2002-09-12 Thread Ian Dowse

In message [EMAIL PROTECTED], Terry Lambert writes:
Ian Dowse wrote:
 And I've just remembered a fifth :-) I think the old BSD code had
 both an `open' count and a reference count. The open count is a
 count of the real users of the vnode (it is what ufs_inactive really
 wants to compare against 0), and the reference count is just for
 places that you don't want the vnode to be recycled or destroyed.
 This was probably lost when the encumbered BSD sources were rewritten.

No, this went away with the vnode locking changes; it was in the
4.4 code, for sure.  I think references are the correct thing here,
and SunOS seems to agree, since that's how they implement, too.  8-).

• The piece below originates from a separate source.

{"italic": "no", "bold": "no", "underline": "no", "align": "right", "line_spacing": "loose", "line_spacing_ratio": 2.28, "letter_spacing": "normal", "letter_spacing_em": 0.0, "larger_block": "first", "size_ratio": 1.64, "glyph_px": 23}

I seem to have mis-remembered the details anyway :-) It doesn't
look as if there ever was ever the `open' count that I mentioned
above. Maybe I was just thinking that it would be a good way to
solve the issues of matching VOP_CLOSEs with VOP_OPENs, since there
are many cases in the kernel that do not guarantee to do a VOP_CLOSE
for each VOP_OPEN that was performed.

Handling the dropping of a last reference is always tricky to get
right when complex operations can be performed from the reference
dropping function (especially where that includes adding and then
removing references multiple times). It's even harder to do it in
a way that continues to catch missing or extra references caused
by bugs in the functions called when the reference count hits zero.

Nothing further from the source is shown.